- [TASK STATEMENT]:
Every line below must be copied as written, except for pictures.

- [DATA LISTING]:
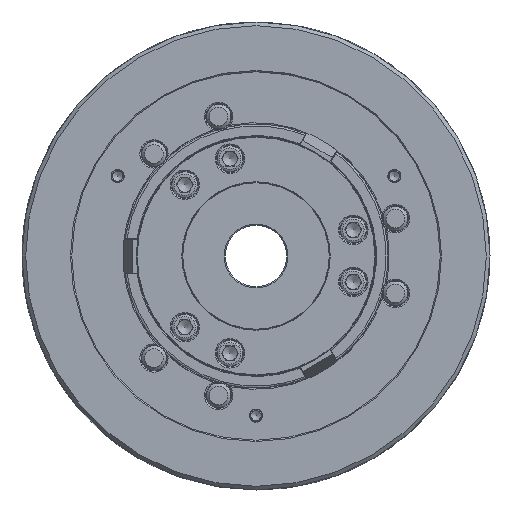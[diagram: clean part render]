
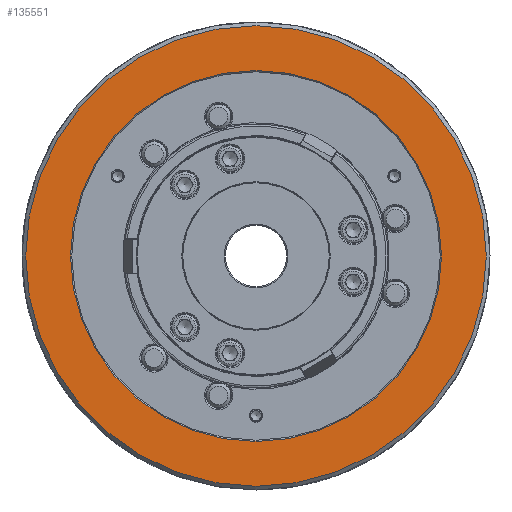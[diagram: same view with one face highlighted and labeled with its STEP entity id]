
A CAD part, left-side view. The second image highlights one B-rep face of the part: STEP entity #135551.
In plain terms, the highlighted planar face has unit normal (-1, 0, 0).
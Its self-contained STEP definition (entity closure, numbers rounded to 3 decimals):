
#28241=ORIENTED_EDGE('',*,*,#56986,.F.);
#28242=ORIENTED_EDGE('',*,*,#56985,.T.);
#56985=EDGE_CURVE('',#71388,#71388,#80801,.T.);
#56986=EDGE_CURVE('',#71389,#71389,#80802,.T.);
#71388=VERTEX_POINT('',#175389);
#71389=VERTEX_POINT('',#175392);
#80801=CIRCLE('',#141185,151.);
#80802=CIRCLE('',#141187,187.5);
#81951=EDGE_LOOP('',(#28241));
#81952=EDGE_LOOP('',(#28242));
#87797=FACE_BOUND('',#81951,.T.);
#87798=FACE_BOUND('',#81952,.T.);
#93494=PLANE('',#141186);
#135551=ADVANCED_FACE('',(#87797,#87798),#93494,.T.);
#141185=AXIS2_PLACEMENT_3D('',#175388,#148727,#148728);
#141186=AXIS2_PLACEMENT_3D('',#175390,#148729,#148730);
#141187=AXIS2_PLACEMENT_3D('',#175391,#148731,#148732);
#148727=DIRECTION('',(1.,0.,0.));
#148728=DIRECTION('',(0.,0.,-1.));
#148729=DIRECTION('',(-1.,0.,0.));
#148730=DIRECTION('',(0.,0.,1.));
#148731=DIRECTION('',(1.,0.,0.));
#148732=DIRECTION('',(0.,0.,-1.));
#175388=CARTESIAN_POINT('',(-147.,0.,0.));
#175389=CARTESIAN_POINT('',(-147.,0.,-151.));
#175390=CARTESIAN_POINT('',(-147.,93.75,-162.38));
#175391=CARTESIAN_POINT('',(-147.,0.,0.));
#175392=CARTESIAN_POINT('',(-147.,0.,-187.5));
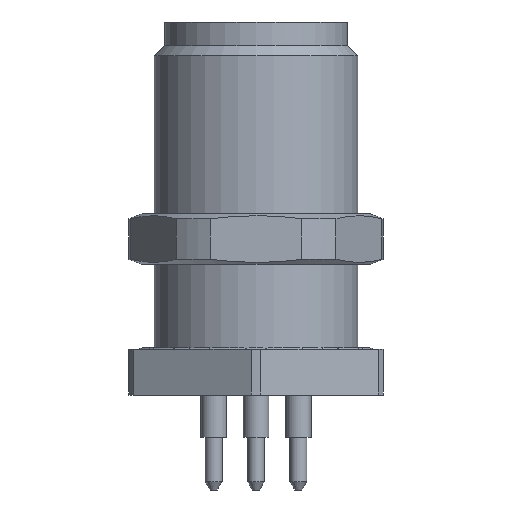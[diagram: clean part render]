
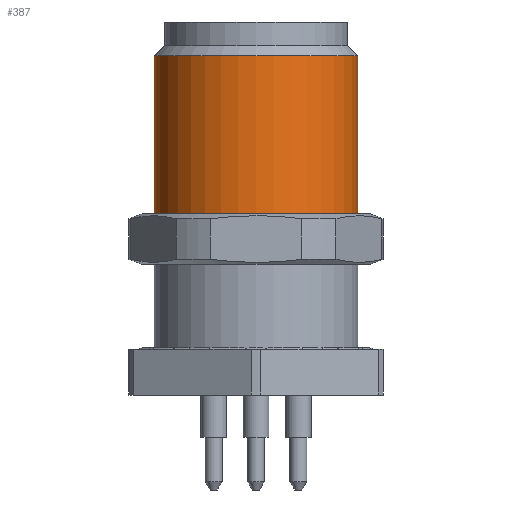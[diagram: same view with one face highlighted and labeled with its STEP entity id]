
A CAD part, front view. The second image highlights one B-rep face of the part: STEP entity #387.
In plain terms, the highlighted cylindrical face has radius 6 mm (diameter 12 mm), a full revolution.
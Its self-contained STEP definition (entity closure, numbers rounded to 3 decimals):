
#97=CYLINDRICAL_SURFACE('',#3261,6.);
#159=FACE_BOUND('',#815,.T.);
#160=FACE_BOUND('',#816,.T.);
#248=CIRCLE('',#3258,6.);
#249=CIRCLE('',#3260,6.);
#387=ADVANCED_FACE('',(#159,#160),#97,.T.);
#815=EDGE_LOOP('',(#1174));
#816=EDGE_LOOP('',(#1175));
#1174=ORIENTED_EDGE('',*,*,#2346,.F.);
#1175=ORIENTED_EDGE('',*,*,#2345,.F.);
#2046=VERTEX_POINT('',#4425);
#2047=VERTEX_POINT('',#4428);
#2345=EDGE_CURVE('',#2046,#2046,#248,.T.);
#2346=EDGE_CURVE('',#2047,#2047,#249,.T.);
#3258=AXIS2_PLACEMENT_3D('',#4424,#3568,#3569);
#3260=AXIS2_PLACEMENT_3D('',#4427,#3572,#3573);
#3261=AXIS2_PLACEMENT_3D('',#4429,#3574,#3575);
#3568=DIRECTION('',(0.,0.,1.));
#3569=DIRECTION('',(-0.866,-0.5,0.));
#3572=DIRECTION('',(0.,0.,-1.));
#3573=DIRECTION('',(0.,1.,0.));
#3574=DIRECTION('',(0.,0.,1.));
#3575=DIRECTION('',(0.866,0.5,0.));
#4424=CARTESIAN_POINT('',(17.425,-4.125,11.8));
#4425=CARTESIAN_POINT('',(12.229,-7.125,11.8));
#4427=CARTESIAN_POINT('',(17.425,-4.125,2.5));
#4428=CARTESIAN_POINT('',(17.425,1.875,2.5));
#4429=CARTESIAN_POINT('',(17.425,-4.125,13.8));
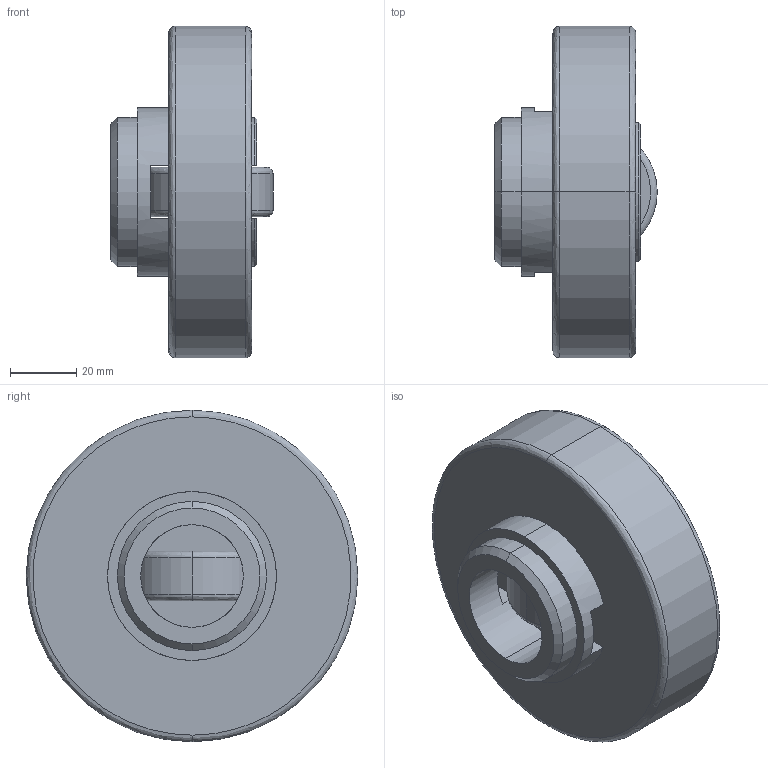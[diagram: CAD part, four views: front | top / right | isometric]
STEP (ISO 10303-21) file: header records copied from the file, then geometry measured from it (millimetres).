
FILE_DESCRIPTION (( 'STEP AP214' ), '1' );
FILE_NAME ('PAS-100.0200-Rollco.step', '2023-04-28T07:44:40', ( '' ), ( '' ), 'SwSTEP 2.0', 'SolidWorks 2010', '' );
FILE_SCHEMA (( 'AUTOMOTIVE_DESIGN' ));
Length unit declared in the file: millimetre
Products named in the file (1): PAS-100.0200-Rollco
Bounding box: 49 x 100 x 100 mm (x, y, z)
Volume: 218348.4 mm3; surface area: 28692.8 mm2
Topology: 1 solids, 1 shells, 52 faces, 130 edges, 84 vertices
Faces by surface type: plane 20, cylinder 17, bspline 10, cone 5
Entity records: 2095 total; most frequent: CARTESIAN_POINT 619, ORIENTED_EDGE 260, DIRECTION 248, EDGE_CURVE 130, AXIS2_PLACEMENT_3D 97, VERTEX_POINT 84, EDGE_LOOP 60, LINE 54

- [SOLVED EXERCISE]:
[diagram: clean part render]
[diagram: same view with one face highlighted and labeled with its STEP entity id]
A CAD part, left-side view. The second image highlights one B-rep face of the part: STEP entity #135551.
In plain terms, the highlighted planar face has unit normal (-1, 0, 0).
Its self-contained STEP definition (entity closure, numbers rounded to 3 decimals):
#28241=ORIENTED_EDGE('',*,*,#56986,.F.);
#28242=ORIENTED_EDGE('',*,*,#56985,.T.);
#56985=EDGE_CURVE('',#71388,#71388,#80801,.T.);
#56986=EDGE_CURVE('',#71389,#71389,#80802,.T.);
#71388=VERTEX_POINT('',#175389);
#71389=VERTEX_POINT('',#175392);
#80801=CIRCLE('',#141185,151.);
#80802=CIRCLE('',#141187,187.5);
#81951=EDGE_LOOP('',(#28241));
#81952=EDGE_LOOP('',(#28242));
#87797=FACE_BOUND('',#81951,.T.);
#87798=FACE_BOUND('',#81952,.T.);
#93494=PLANE('',#141186);
#135551=ADVANCED_FACE('',(#87797,#87798),#93494,.T.);
#141185=AXIS2_PLACEMENT_3D('',#175388,#148727,#148728);
#141186=AXIS2_PLACEMENT_3D('',#175390,#148729,#148730);
#141187=AXIS2_PLACEMENT_3D('',#175391,#148731,#148732);
#148727=DIRECTION('',(1.,0.,0.));
#148728=DIRECTION('',(0.,0.,-1.));
#148729=DIRECTION('',(-1.,0.,0.));
#148730=DIRECTION('',(0.,0.,1.));
#148731=DIRECTION('',(1.,0.,0.));
#148732=DIRECTION('',(0.,0.,-1.));
#175388=CARTESIAN_POINT('',(-147.,0.,0.));
#175389=CARTESIAN_POINT('',(-147.,0.,-151.));
#175390=CARTESIAN_POINT('',(-147.,93.75,-162.38));
#175391=CARTESIAN_POINT('',(-147.,0.,0.));
#175392=CARTESIAN_POINT('',(-147.,0.,-187.5));
[diagram: clean part render]
[diagram: same view with one face highlighted and labeled with its STEP entity id]
A CAD part, front view. The second image highlights one B-rep face of the part: STEP entity #387.
In plain terms, the highlighted cylindrical face has radius 6 mm (diameter 12 mm), a full revolution.
Its self-contained STEP definition (entity closure, numbers rounded to 3 decimals):
#97=CYLINDRICAL_SURFACE('',#3261,6.);
#159=FACE_BOUND('',#815,.T.);
#160=FACE_BOUND('',#816,.T.);
#248=CIRCLE('',#3258,6.);
#249=CIRCLE('',#3260,6.);
#387=ADVANCED_FACE('',(#159,#160),#97,.T.);
#815=EDGE_LOOP('',(#1174));
#816=EDGE_LOOP('',(#1175));
#1174=ORIENTED_EDGE('',*,*,#2346,.F.);
#1175=ORIENTED_EDGE('',*,*,#2345,.F.);
#2046=VERTEX_POINT('',#4425);
#2047=VERTEX_POINT('',#4428);
#2345=EDGE_CURVE('',#2046,#2046,#248,.T.);
#2346=EDGE_CURVE('',#2047,#2047,#249,.T.);
#3258=AXIS2_PLACEMENT_3D('',#4424,#3568,#3569);
#3260=AXIS2_PLACEMENT_3D('',#4427,#3572,#3573);
#3261=AXIS2_PLACEMENT_3D('',#4429,#3574,#3575);
#3568=DIRECTION('',(0.,0.,1.));
#3569=DIRECTION('',(-0.866,-0.5,0.));
#3572=DIRECTION('',(0.,0.,-1.));
#3573=DIRECTION('',(0.,1.,0.));
#3574=DIRECTION('',(0.,0.,1.));
#3575=DIRECTION('',(0.866,0.5,0.));
#4424=CARTESIAN_POINT('',(17.425,-4.125,11.8));
#4425=CARTESIAN_POINT('',(12.229,-7.125,11.8));
#4427=CARTESIAN_POINT('',(17.425,-4.125,2.5));
#4428=CARTESIAN_POINT('',(17.425,1.875,2.5));
#4429=CARTESIAN_POINT('',(17.425,-4.125,13.8));
[diagram: CAD part, four views: front | top / right | isometric]
STEP (ISO 10303-21) file: header records copied from the file, then geometry measured from it (millimetres).
FILE_DESCRIPTION (( 'STEP AP214' ), '1' );
FILE_NAME ('PAS-100.0200-Rollco.step', '2023-04-28T07:44:40', ( '' ), ( '' ), 'SwSTEP 2.0', 'SolidWorks 2010', '' );
FILE_SCHEMA (( 'AUTOMOTIVE_DESIGN' ));
Length unit declared in the file: millimetre
Products named in the file (1): PAS-100.0200-Rollco
Bounding box: 49 x 100 x 100 mm (x, y, z)
Volume: 218348.4 mm3; surface area: 28692.8 mm2
Topology: 1 solids, 1 shells, 52 faces, 130 edges, 84 vertices
Faces by surface type: plane 20, cylinder 17, bspline 10, cone 5
Entity records: 2095 total; most frequent: CARTESIAN_POINT 619, ORIENTED_EDGE 260, DIRECTION 248, EDGE_CURVE 130, AXIS2_PLACEMENT_3D 97, VERTEX_POINT 84, EDGE_LOOP 60, LINE 54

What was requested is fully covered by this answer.